*** Given records Section Begins ***

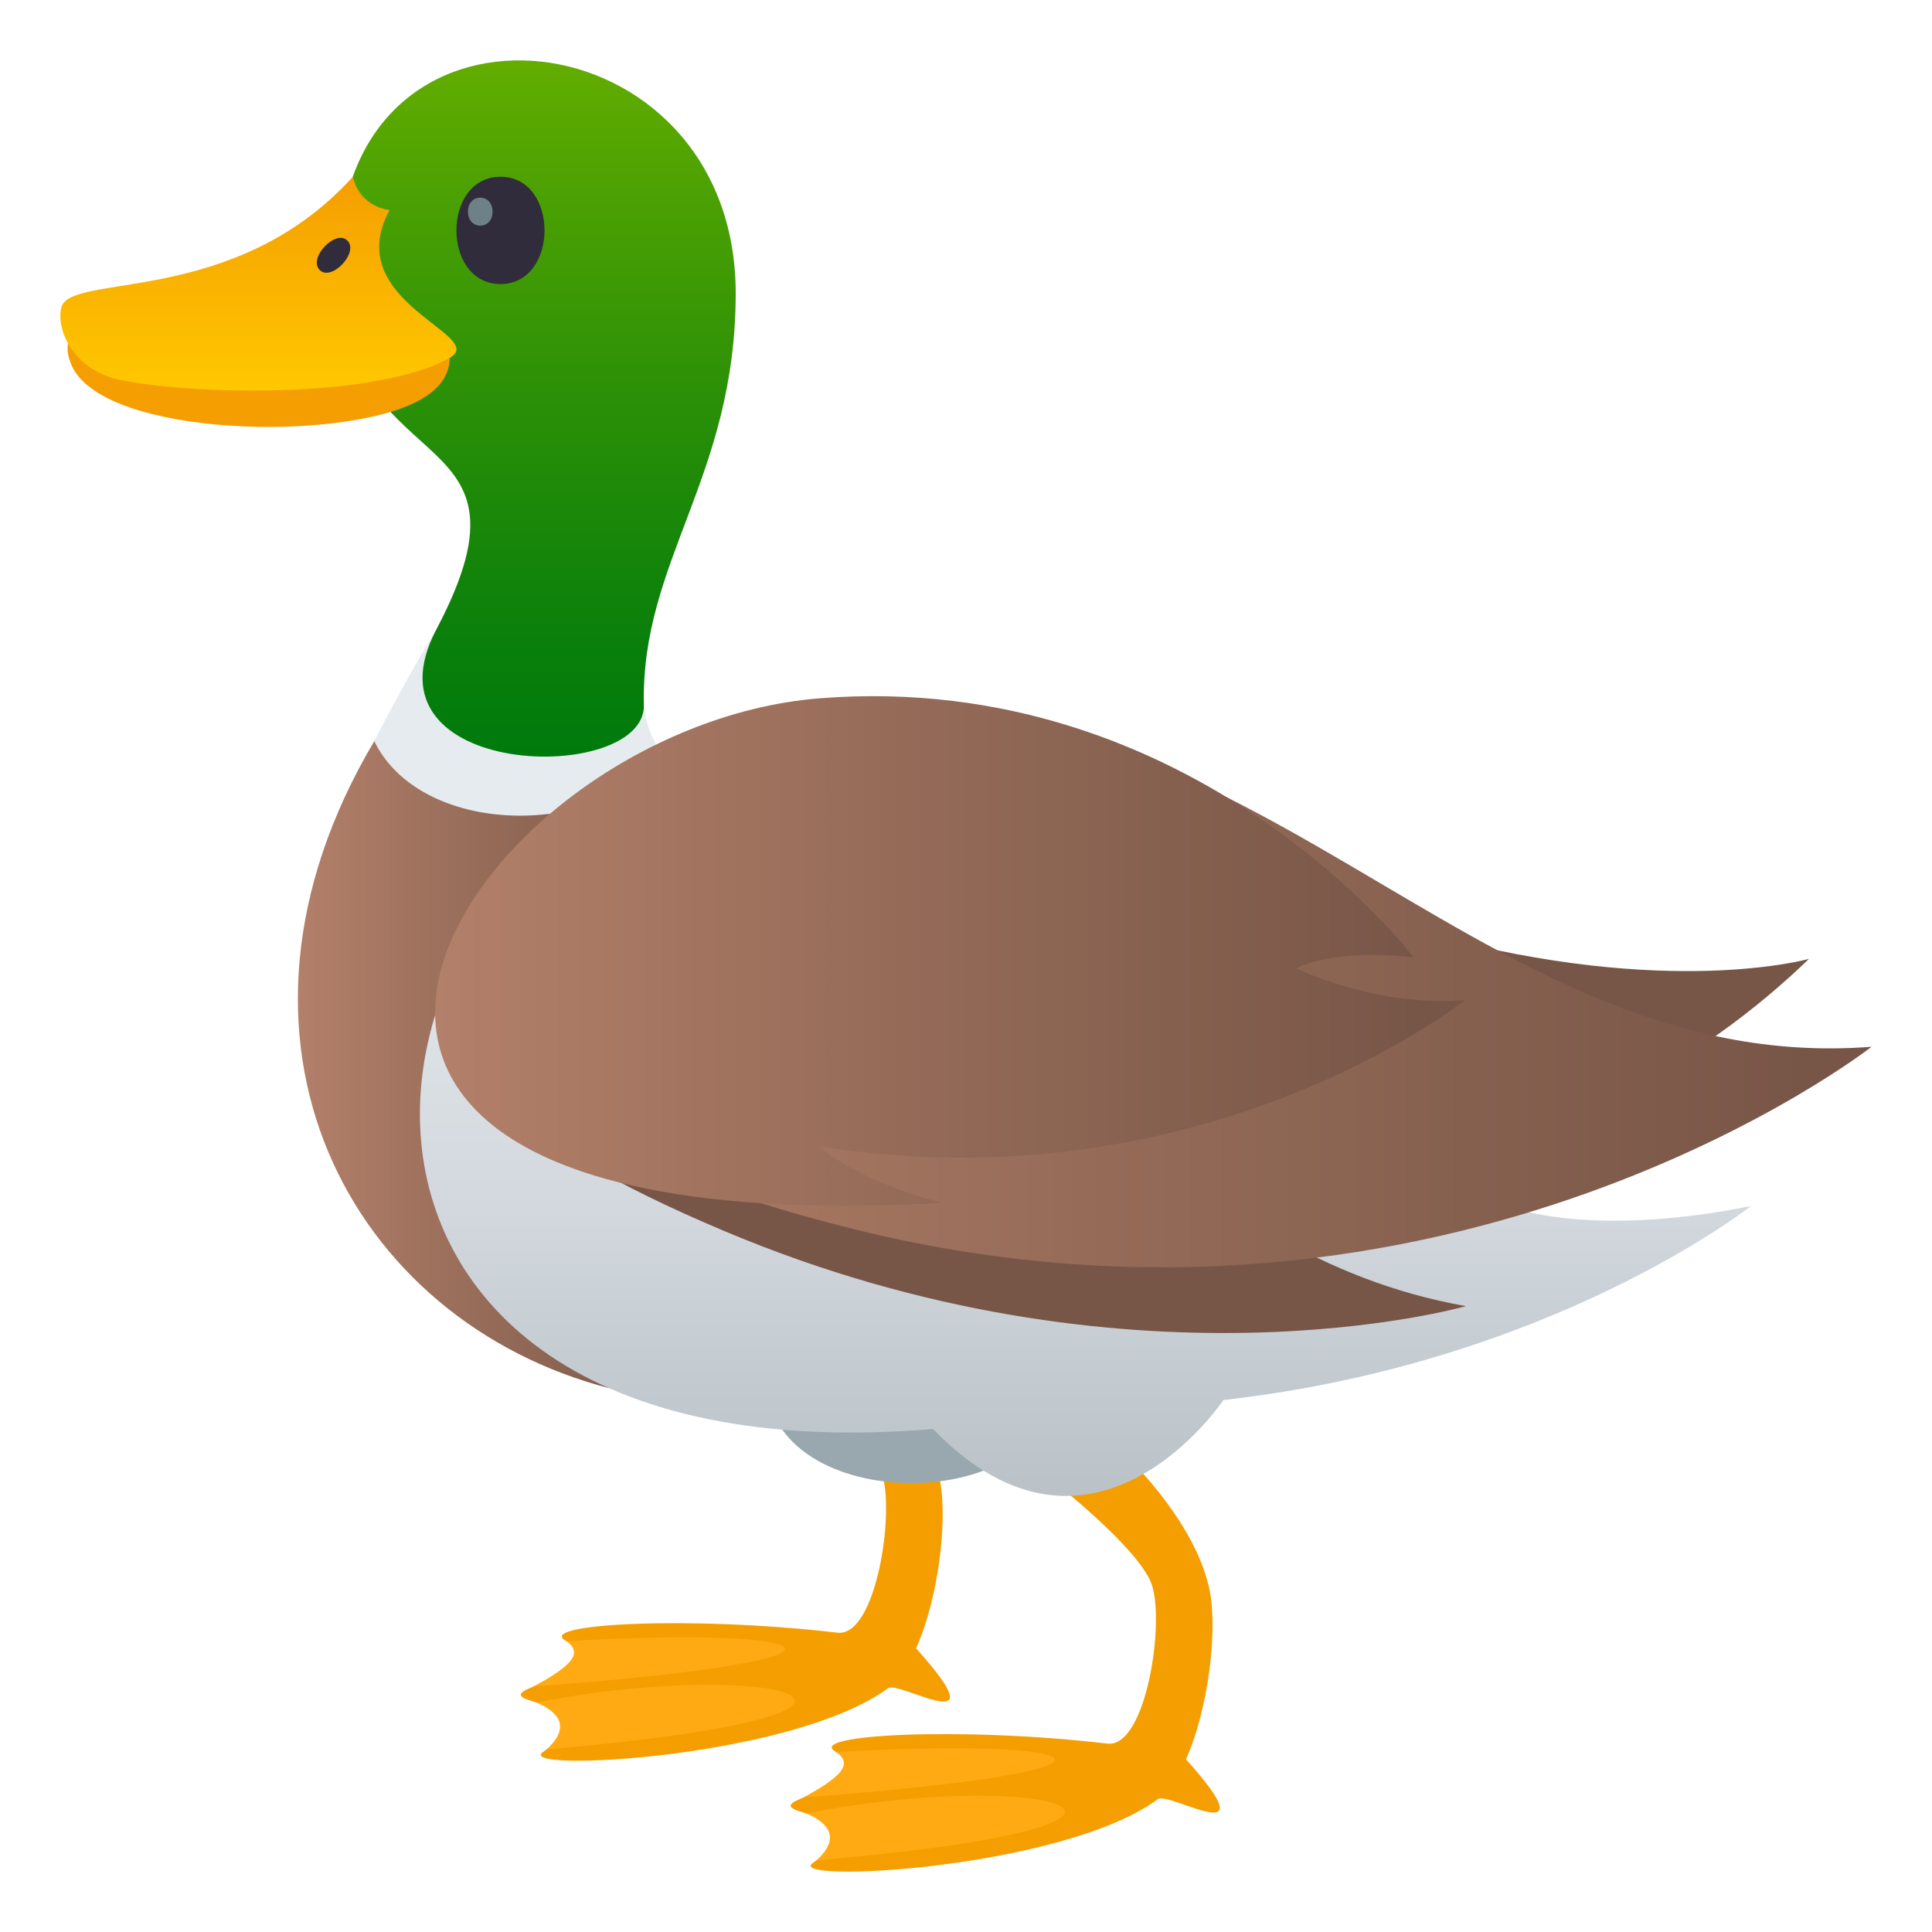 <?xml version="1.0" encoding="utf-8"?>
<!-- Generator: Adobe Illustrator 15.0.0, SVG Export Plug-In . SVG Version: 6.00 Build 0)  -->
<!DOCTYPE svg PUBLIC "-//W3C//DTD SVG 1.1//EN" "http://www.w3.org/Graphics/SVG/1.1/DTD/svg11.dtd">
<svg version="1.1" id="Layer_1" xmlns:x="http://ns.adobe.com/Extensibility/1.0/" xmlns:i="http://ns.adobe.com/AdobeIllustrator/10.0/" xmlns:graph="http://ns.adobe.com/Graphs/1.0/"
	 xmlns="http://www.w3.org/2000/svg" xmlns:xlink="http://www.w3.org/1999/xlink" xmlns:a="http://ns.adobe.com/AdobeSVGViewerExtensions/3.0/"
	 x="0px" y="0px" width="64px" height="64px" viewBox="0 0 64 64" enable-background="new 0 0 64 64" xml:space="preserve">
<path fill="#F59E01" d="M28.566,44.761c0,0,2.189,2.125,2.584,4.346c0.234,1.313-0.064,3.844-0.803,5.497
	c2.84,3.161-0.565,1.052-0.931,1.321c-3.161,2.33-12.427,2.799-11.427,2.111c2.61-1.796-1.891-1.5-0.443-2.113
	c2.565-1.084,1.556-1.381,1.218-1.557c-1.118-0.58,4.116-0.852,8.981-0.281c1.282,0.15,1.917-4.038,1.459-5.296
	c-0.433-1.187-3.254-3.394-3.254-3.394L28.566,44.761z"/>
<path fill="#FFAA12" d="M17.674,55.869c1.311-0.712,1.629-1.114,1.091-1.503C27.193,53.864,29.959,54.942,17.674,55.869z"/>
<path fill="#FFAA12" d="M18.107,57.952c0.914-0.838,0.227-1.307-0.331-1.554C25.68,54.839,32.084,56.739,18.107,57.952z"/>
<path fill="#F59E01" d="M37.506,48.435c0,0,2.189,2.125,2.584,4.346c0.234,1.313-0.064,3.844-0.803,5.498
	c2.84,3.16-0.565,1.053-0.931,1.32c-3.161,2.33-12.427,2.799-11.427,2.111c2.61-1.795-1.891-1.5-0.443-2.111
	c2.565-1.086,1.556-1.383,1.218-1.559c-1.118-0.58,4.116-0.852,8.981-0.281c1.282,0.15,1.917-4.037,1.459-5.295
	c-0.433-1.188-3.254-3.395-3.254-3.395L37.506,48.435z"/>
<path fill="#FFAA12" d="M26.613,59.544c1.311-0.713,1.629-1.115,1.091-1.504C36.133,57.538,38.898,58.616,26.613,59.544z"/>
<path fill="#FFAA12" d="M27.047,61.628c0.914-0.838,0.227-1.309-0.331-1.555C34.619,58.513,41.023,60.413,27.047,61.628z"/>
<path fill="#99A8AE" d="M34.991,45.678c0,4.603-9.602,4.603-9.602,0C25.39,43.235,34.991,43.235,34.991,45.678z"/>
<path fill="#785647" d="M59.923,31.764c0,0-4.642,1.319-12.505-0.807C48.81,42.896,59.923,31.764,59.923,31.764z"/>
<linearGradient id="SVGID_1_" gradientUnits="userSpaceOnUse" x1="9.867" y1="34.621" x2="23.838" y2="34.621">
	<stop  offset="0" style="stop-color:#B3806A"/>
	<stop  offset="0.455" style="stop-color:#956B58"/>
	<stop  offset="0.952" style="stop-color:#785647"/>
	<a:midPointStop  offset="0" style="stop-color:#B3806A"/>
	<a:midPointStop  offset="0.468" style="stop-color:#B3806A"/>
	<a:midPointStop  offset="0.952" style="stop-color:#785647"/>
</linearGradient>
<path fill="url(#SVGID_1_)" d="M21.895,24.977c0.652,1.119,1.943,1.277,1.943,1.277c-2.219,0.848-16.608,8.759-3.653,19.733
	c-8.576-2.221-13.665-11.529-7.786-21.437C13.574,22.569,20.732,22.981,21.895,24.977z"/>
<path fill="#E6EBEF" d="M14.457,20.847c-1.009,1.629-2.059,3.704-2.059,3.704c1.356,2.797,6.255,3.348,9.398,0.98
	c0.548-0.413-0.305-0.677-0.468-2.179C21.137,21.571,15.396,19.331,14.457,20.847z"/>
<linearGradient id="SVGID_2_" gradientUnits="userSpaceOnUse" x1="17.8" y1="25.064" x2="17.8" y2="2">
	<stop  offset="0" style="stop-color:#007A0C"/>
	<stop  offset="0.18" style="stop-color:#0B800B"/>
	<stop  offset="0.499" style="stop-color:#298F07"/>
	<stop  offset="0.915" style="stop-color:#58A701"/>
	<stop  offset="1" style="stop-color:#63AD00"/>
	<a:midPointStop  offset="0" style="stop-color:#007A0C"/>
	<a:midPointStop  offset="0.582" style="stop-color:#007A0C"/>
	<a:midPointStop  offset="1" style="stop-color:#63AD00"/>
</linearGradient>
<path fill="url(#SVGID_2_)" d="M14.457,20.847c3.861-7.323-3.502-4.548-3.221-12.496c0.333-9.385,13.135-7.897,13.135,1.364
	c0,6.096-3.149,8.873-3.042,13.637C21.39,26.016,11.818,25.852,14.457,20.847z"/>
<path fill="#F59E01" d="M2.393,12.146c1.093,2.313,8.902,2.517,11.488,1.121c1.4-0.757,0.941-1.808,0.941-1.808
	S0.603,8.351,2.393,12.146z"/>
<linearGradient id="SVGID_3_" gradientUnits="userSpaceOnUse" x1="8.56" y1="12.938" x2="8.56" y2="5.856">
	<stop  offset="0" style="stop-color:#FFC800"/>
	<stop  offset="1" style="stop-color:#F59E01"/>
	<a:midPointStop  offset="0" style="stop-color:#FFC800"/>
	<a:midPointStop  offset="0.515" style="stop-color:#FFC800"/>
	<a:midPointStop  offset="1" style="stop-color:#F59E01"/>
</linearGradient>
<path fill="url(#SVGID_3_)" d="M11.688,5.856c-3.92,4.334-9.383,3.161-9.657,4.334c-0.185,0.791,0.456,2.063,1.885,2.379
	c2.194,0.487,8.369,0.698,10.955-0.697c1.4-0.758-3.643-1.84-1.964-4.916C12.907,6.956,11.934,6.892,11.688,5.856z"/>
<path fill="#302C3B" d="M16.58,9.409c-1.947,0-1.947-3.553,0-3.553C18.524,5.856,18.524,9.409,16.58,9.409z"/>
<path fill="#302C3B" d="M10.586,8.94c-0.384-0.4,0.543-1.365,0.927-0.965C11.896,8.375,10.97,9.34,10.586,8.94z"/>
<path id="Shape_3_" fill="#6E8189" d="M16.317,7.011c0,0.62-0.815,0.62-0.815,0S16.317,6.391,16.317,7.011L16.317,7.011z"/>
<linearGradient id="SVGID_4_" gradientUnits="userSpaceOnUse" x1="35.955" y1="49.555" x2="35.955" y2="23.845">
	<stop  offset="0" style="stop-color:#BAC2C7"/>
	<stop  offset="0.37" style="stop-color:#D2D8DD"/>
	<stop  offset="0.715" style="stop-color:#E1E6EA"/>
	<stop  offset="1" style="stop-color:#E6EBEF"/>
	<a:midPointStop  offset="0" style="stop-color:#BAC2C7"/>
	<a:midPointStop  offset="0.333" style="stop-color:#BAC2C7"/>
	<a:midPointStop  offset="1" style="stop-color:#E6EBEF"/>
</linearGradient>
<path fill="url(#SVGID_4_)" d="M30.908,47.337c5.312,5.498,9.619-0.959,9.619-0.959c10.905-1.226,17.474-6.427,17.474-6.427
	c-5.027,1.015-7.623,0.127-7.623,0.127c5.23-0.507-8.959-18.734-24.569-15.943C10.345,26.901,7.889,49.265,30.908,47.337z"/>
<path fill="#785647" d="M23.955,40.764c13.479,5.695,24.608,2.503,24.608,2.503C38.828,41.553,35.29,32.968,23.86,31.715
	C17.116,30.977,9.226,34.542,23.955,40.764z"/>
<linearGradient id="SVGID_5_" gradientUnits="userSpaceOnUse" x1="15.432" y1="32.715" x2="62" y2="32.715">
	<stop  offset="0" style="stop-color:#B3806A"/>
	<stop  offset="0.455" style="stop-color:#956B58"/>
	<stop  offset="0.952" style="stop-color:#785647"/>
	<a:midPointStop  offset="0" style="stop-color:#B3806A"/>
	<a:midPointStop  offset="0.468" style="stop-color:#B3806A"/>
	<a:midPointStop  offset="0.952" style="stop-color:#785647"/>
</linearGradient>
<path fill="url(#SVGID_5_)" d="M28.445,40.756C48.084,45.562,62,34.675,62,34.675C48.513,35.72,41.297,21.118,25.688,23.772
	C16.476,25.337,6.987,35.505,28.445,40.756z"/>
<linearGradient id="SVGID_6_" gradientUnits="userSpaceOnUse" x1="14.415" y1="31.501" x2="48.535" y2="31.501">
	<stop  offset="0" style="stop-color:#B3806A"/>
	<stop  offset="0.455" style="stop-color:#956B58"/>
	<stop  offset="0.952" style="stop-color:#785647"/>
	<a:midPointStop  offset="0" style="stop-color:#B3806A"/>
	<a:midPointStop  offset="0.468" style="stop-color:#B3806A"/>
	<a:midPointStop  offset="0.952" style="stop-color:#785647"/>
</linearGradient>
<path fill="url(#SVGID_6_)" d="M31.228,39.847c-2.797-0.698-4.104-1.871-4.104-1.871c12.801,2.029,21.412-4.85,21.412-4.85
	c-2.986,0.25-5.6-1.05-5.6-1.05c1.459-0.698,3.892-0.364,3.892-0.364s-7.258-9.559-19.674-8.58
	C15.36,24.062,3.952,41.368,31.228,39.847z"/>
</svg>

*** Given records Section Ends ***

> _Task description_:
Check each line of the material above for the string "xmlns". Please count those that have it and reply with the number only.

> _Solution for this exercise_:
2